[Records from a data collection]
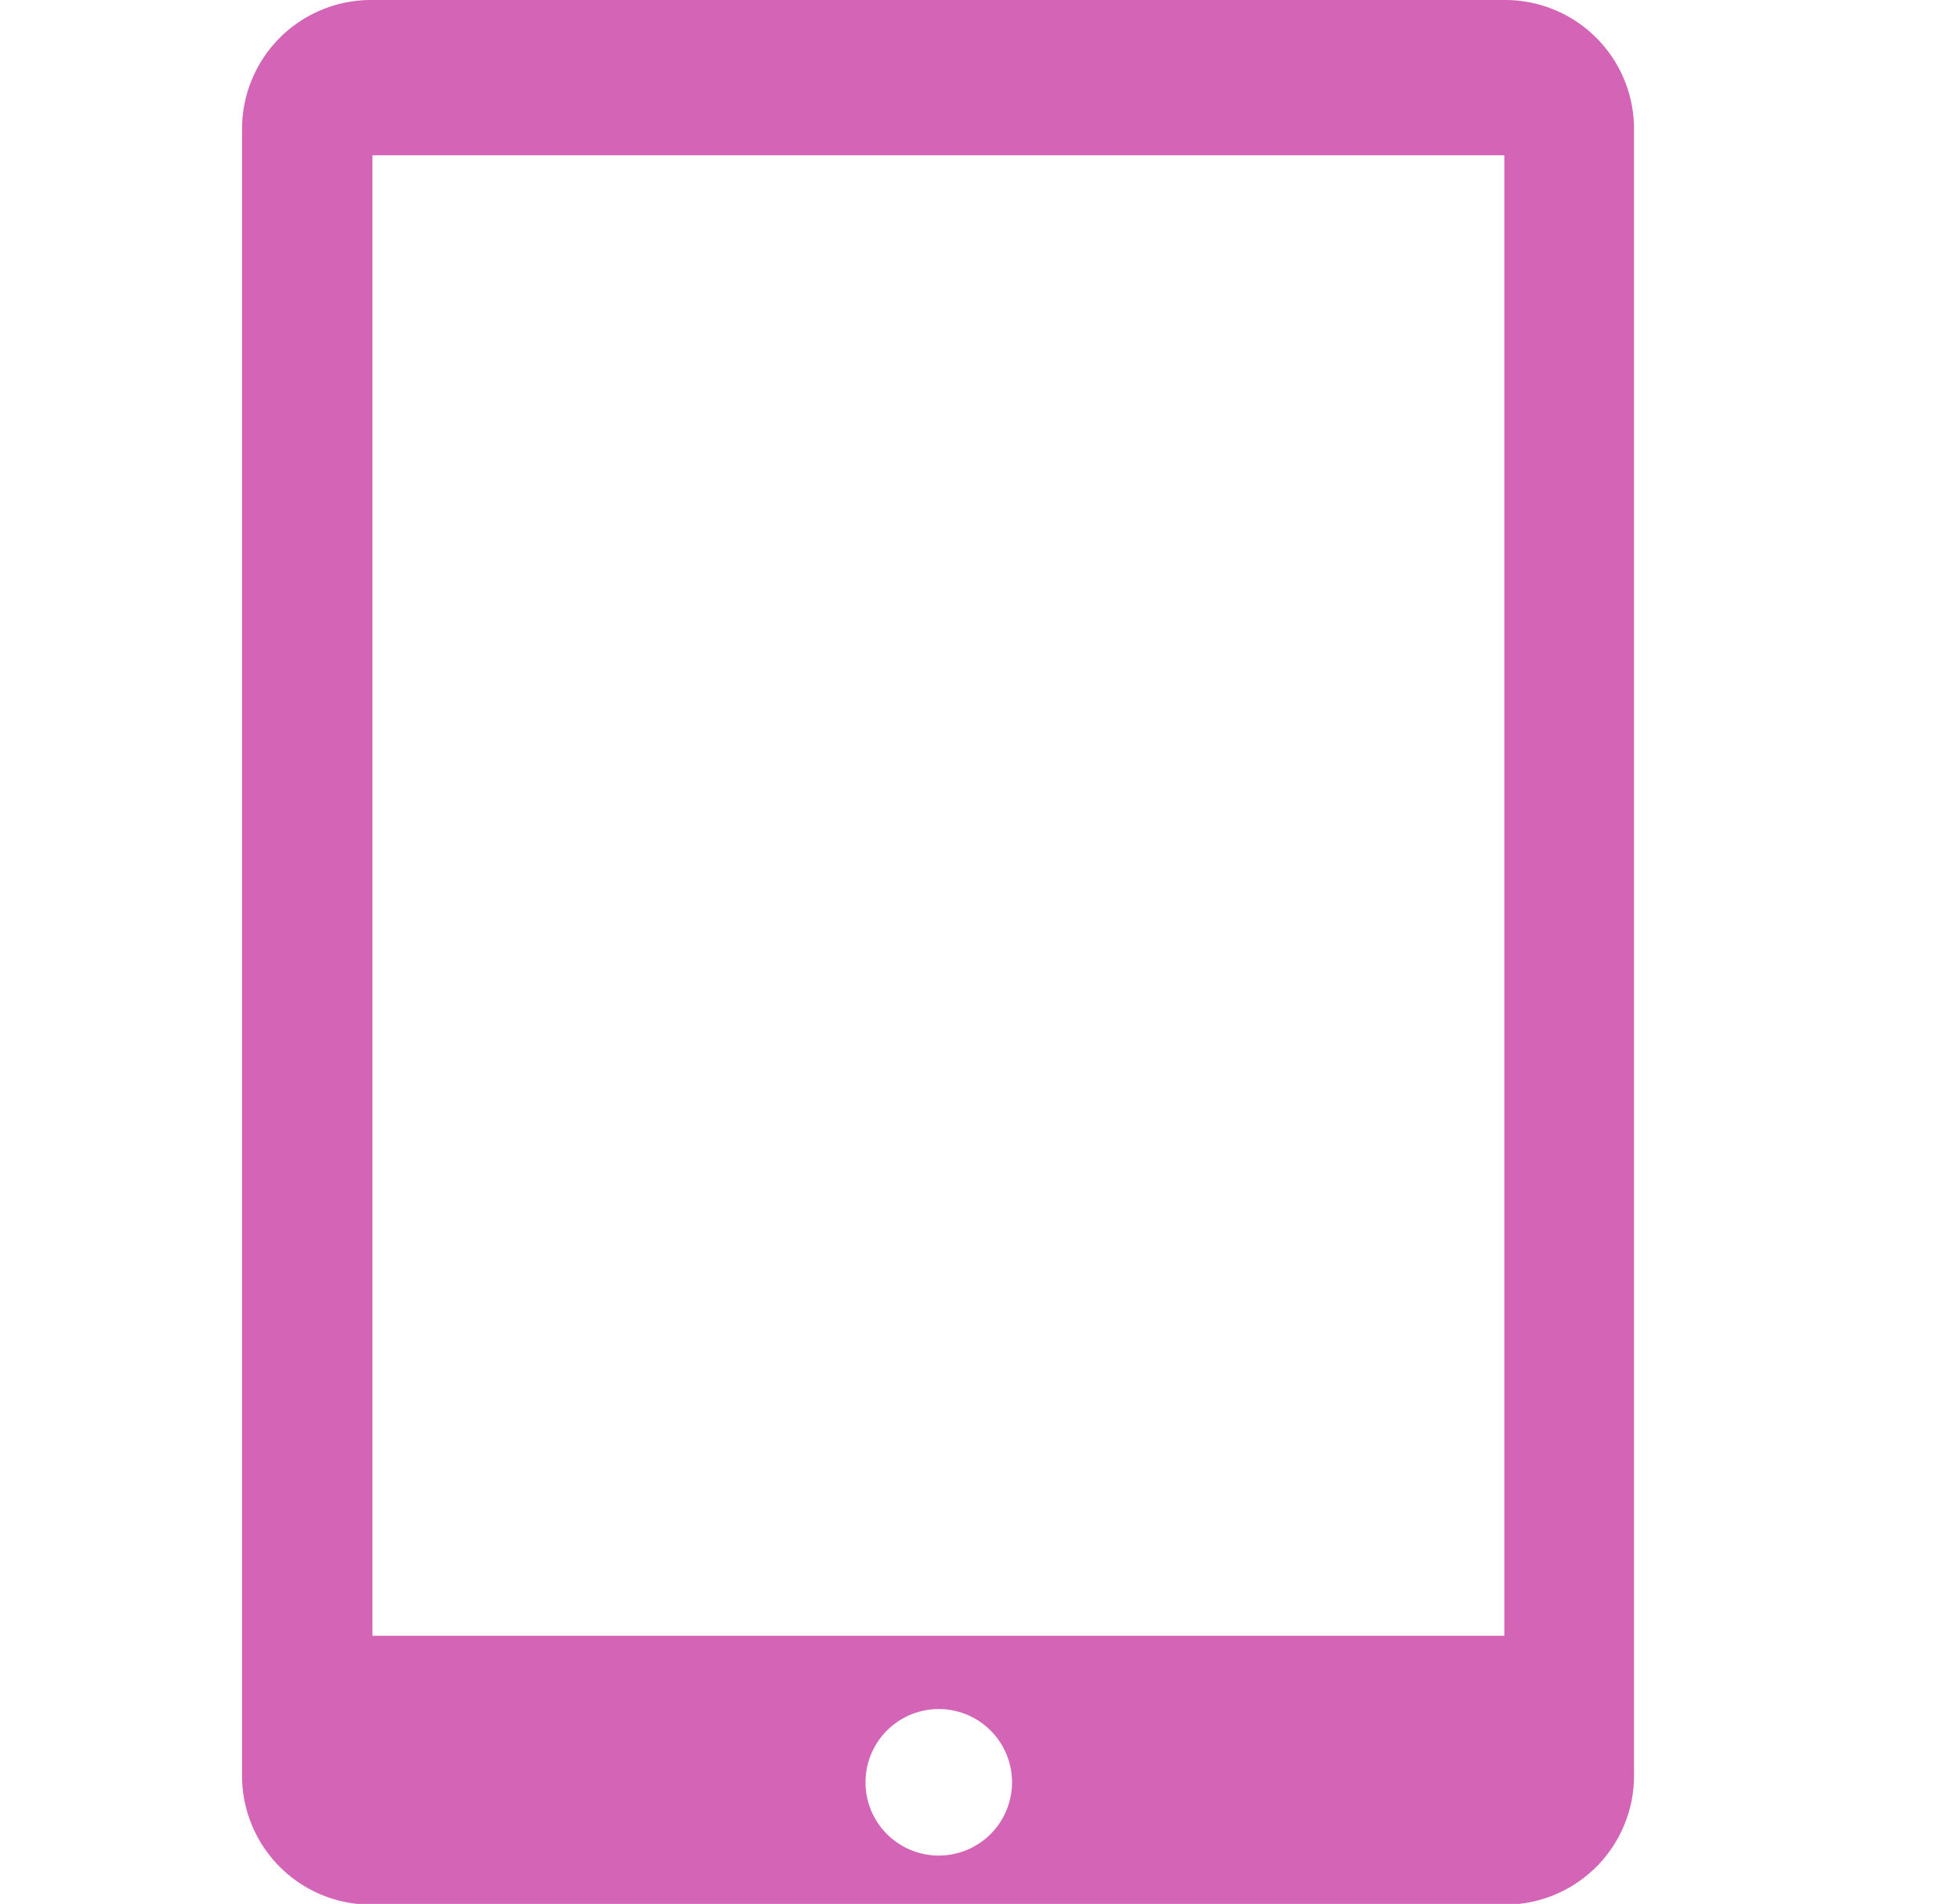 <?xml version="1.0" encoding="UTF-8" standalone="no"?>
<svg
   xmlns:dc="http://purl.org/dc/elements/1.1/"
   xmlns:cc="http://creativecommons.org/ns#"
   xmlns:rdf="http://www.w3.org/1999/02/22-rdf-syntax-ns#"
   xmlns:svg="http://www.w3.org/2000/svg"
   xmlns="http://www.w3.org/2000/svg"
   xmlns:sodipodi="http://sodipodi.sourceforge.net/DTD/sodipodi-0.dtd"
   xmlns:inkscape="http://www.inkscape.org/namespaces/inkscape"
   width="26.74"
   height="25.99"
   viewBox="0 0 26.74 25.99"
   version="1.1"
   id="svg12"
   sodipodi:docname="pad.svg"
   inkscape:version="0.92.3 (2405546, 2018-03-11)">
  <sodipodi:namedview
     pagecolor="#ffffff"
     bordercolor="#666666"
     borderopacity="1"
     objecttolerance="10"
     gridtolerance="10"
     guidetolerance="10"
     inkscape:pageopacity="0"
     inkscape:pageshadow="2"
     inkscape:window-width="1920"
     inkscape:window-height="1031"
     id="namedview14"
     showgrid="false"
     inkscape:zoom="9.0804156"
     inkscape:cx="-26.010995"
     inkscape:cy="12.995"
     inkscape:window-x="0"
     inkscape:window-y="25"
     inkscape:window-maximized="1"
     inkscape:current-layer="svg12" />
  <defs
     id="defs4">
    <style
       id="style2">.cls-1{fill:#d464b5;}</style>
  </defs>
  <title
     id="title6">min1</title>
  <g
     id="Layer_2"
     data-name="Layer 2"
     transform="translate(3.304)">
    <g
       id="Layer_3"
       data-name="Layer 3">
      <path
         class="cls-1"
         d="M 17.25,0 H 1.76 A 1.76,1.76 0 0 0 0,1.76 V 24.22 A 1.76,1.76 0 0 0 1.76,26 H 17.25 A 1.76,1.76 0 0 0 19,24.22 V 1.76 A 1.76,1.76 0 0 0 17.25,0 Z M 9.51,25.33 a 1,1 0 1 1 1,-1 1,1 0 0 1 -1,1 z m 7.72,-3 H 1.78 V 2.12 h 15.45 z m 0,0"
         id="path8"
         inkscape:connector-curvature="0"
         style="fill:#d464b5" />
    </g>
  </g>
</svg>

- _Task statement_
Copy every record above exactly, leaving out any pictures.

- _Response to this task_
 <?xml version="1.0" encoding="UTF-8" standalone="no"?>
<svg
   xmlns:dc="http://purl.org/dc/elements/1.1/"
   xmlns:cc="http://creativecommons.org/ns#"
   xmlns:rdf="http://www.w3.org/1999/02/22-rdf-syntax-ns#"
   xmlns:svg="http://www.w3.org/2000/svg"
   xmlns="http://www.w3.org/2000/svg"
   xmlns:sodipodi="http://sodipodi.sourceforge.net/DTD/sodipodi-0.dtd"
   xmlns:inkscape="http://www.inkscape.org/namespaces/inkscape"
   width="26.74"
   height="25.99"
   viewBox="0 0 26.74 25.99"
   version="1.1"
   id="svg12"
   sodipodi:docname="pad.svg"
   inkscape:version="0.92.3 (2405546, 2018-03-11)">
  <sodipodi:namedview
     pagecolor="#ffffff"
     bordercolor="#666666"
     borderopacity="1"
     objecttolerance="10"
     gridtolerance="10"
     guidetolerance="10"
     inkscape:pageopacity="0"
     inkscape:pageshadow="2"
     inkscape:window-width="1920"
     inkscape:window-height="1031"
     id="namedview14"
     showgrid="false"
     inkscape:zoom="9.0804156"
     inkscape:cx="-26.010995"
     inkscape:cy="12.995"
     inkscape:window-x="0"
     inkscape:window-y="25"
     inkscape:window-maximized="1"
     inkscape:current-layer="svg12" />
  <defs
     id="defs4">
    <style
       id="style2">.cls-1{fill:#d464b5;}</style>
  </defs>
  <title
     id="title6">min1</title>
  <g
     id="Layer_2"
     data-name="Layer 2"
     transform="translate(3.304)">
    <g
       id="Layer_3"
       data-name="Layer 3">
      <path
         class="cls-1"
         d="M 17.25,0 H 1.76 A 1.76,1.76 0 0 0 0,1.76 V 24.22 A 1.76,1.76 0 0 0 1.76,26 H 17.25 A 1.76,1.76 0 0 0 19,24.22 V 1.76 A 1.76,1.76 0 0 0 17.25,0 Z M 9.51,25.33 a 1,1 0 1 1 1,-1 1,1 0 0 1 -1,1 z m 7.72,-3 H 1.78 V 2.12 h 15.45 z m 0,0"
         id="path8"
         inkscape:connector-curvature="0"
         style="fill:#d464b5" />
    </g>
  </g>
</svg>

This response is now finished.